Sí, la historia se aceptaría, y la asociación entre La Capra y Semenzato, en lugar de incriminarlo, serviría para demostrar la buena fe que presidía sus relaciones, truncadas por la falta de escrúpulos de Semenzato por un lado y el apasionamiento de Salvatore por el otro, quien ya se hallaba, ay, fuera del alcance de la ley. De haber sido más propenso al sentimentalismo, Brunetti hubiera pensado que La Capra había pagado el más alto precio por la muerte de Semenzato, pero no lo era, y se decía que el precio más alto lo había pagado Salvatore.

Brunetti se levantó y se alejó de la mesa y de las carpetas que le habían llevado a esta conclusión. Él había visto a La Capra con su hijo, lo había sacado de las aguas cenagosas y había ayudado al hombre, que no dejaba de gritar, a llevar el cuerpo de su hijo hasta el pie de los tres peldaños. Y allí había necesitado la ayuda de Vianello y dos agentes para separarlos y poner fin al fútil intento de La Capra de cerrar con sus dedos la herida exangüe del costado del cuello de su hijo.

Brunetti nunca pensó que una vida pudiera pagarse con otra vida, por lo que volvió a desechar la idea de que La Capra había pagado la muerte de Semenzato. Todo dolor es único e independiente y sólo corresponde a una pérdida. Pero le resultaba difícil sentir aversión personal por el hombre al que había visto por última vez sollozando en brazos de un policía que trataba de impedir que viera cómo se llevaban el cadáver de su hijo en una camilla con la cara cubierta por la chaqueta empapada de Vianello.

Ahuyentó aquellos recuerdos. Todo aquello ya no le incumbía, ahora estaba en manos de otra autoridad, y él ya no podía influir en el resultado. Ya había tenido más que suficiente de muerte y violencia, de belleza robada y de anhelo de perfección. Ahora le apetecía contemplar la primavera con sus muchas imperfecciones.

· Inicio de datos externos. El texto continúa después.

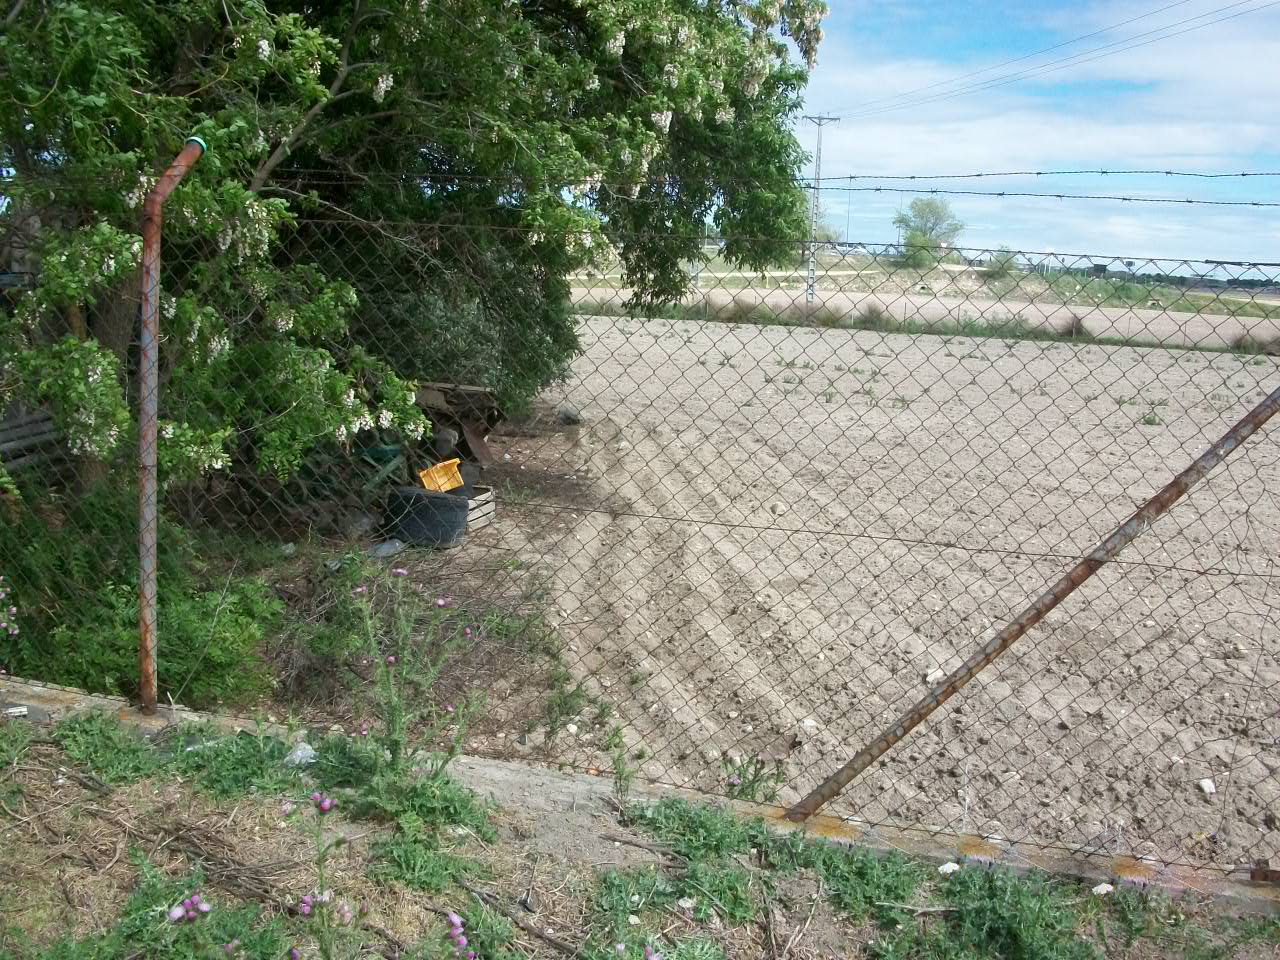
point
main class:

Una hora después, Brunetti salió de la questura y se encaminó hacia San Marcos. En todas partes veía las mismas cosas que había visto durante muchos días, pero hoy descubría en ellas señales de primavera. Hasta miraba con simpatía a los omnipresentes turistas vestidos de colores pastel. La Via XXII Marzo lo llevó al puente de la Accademia. Al otro lado, vio la primera cola de la temporada de los turistas que esperaban para entrar en el museo, pero él había quedado saturado de arte para rato. Ahora lo atraía el agua y la idea de sentarse al tibio sol con Flavia, tomar un café, charlar de unas cosas y otras, observar con qué facilidad su rostro pasaba del reposo a la alegría y otra vez al reposo. Habían quedado a las once en Il Cucciolo, y él ya tenía ganas de oír chapotear el agua bajo las tablas de la terraza, y observar los movimientos indolentes de los camareros, no desentumecidos aún de su letargo invernal, y rehuir el parasol, grande y ufano, empeñado en dar sombra antes de tiempo. Y, sobre todo, tenía ganas de oír el sonido de su voz.

Frente a él vio las aguas del canal de la Giudecca y, al otro lado, las alegres fachadas de las casas. Por la izquierda apareció un buque cisterna, muy alto, sin carga, y hasta su casco veteado de gris parecía bonito y alegre a esta luz. Se acercó correteando un perro que levantó la pata y luego se puso a dar vueltas para atraparse la cola.

Al llegar al borde del agua, torció hacia la izquierda en dirección a la terraza del bar, buscando a Flavia con la mirada. Cuatro parejas, un hombre solo, otro hombre, una mujer con dos niños, una mesa con seis o siete jovencitas a las que oyó reír a distancia. Pero Flavia no estaba. Se habría retrasado. O quizá no la había reconocido. Empezó otra vez por la mesa más cercana y fue mirando a cada cliente, por el mismo orden. Entonces la vio, sentada con los dos niños, un chico alto y una niña llenita, todavía con la grasa infantil.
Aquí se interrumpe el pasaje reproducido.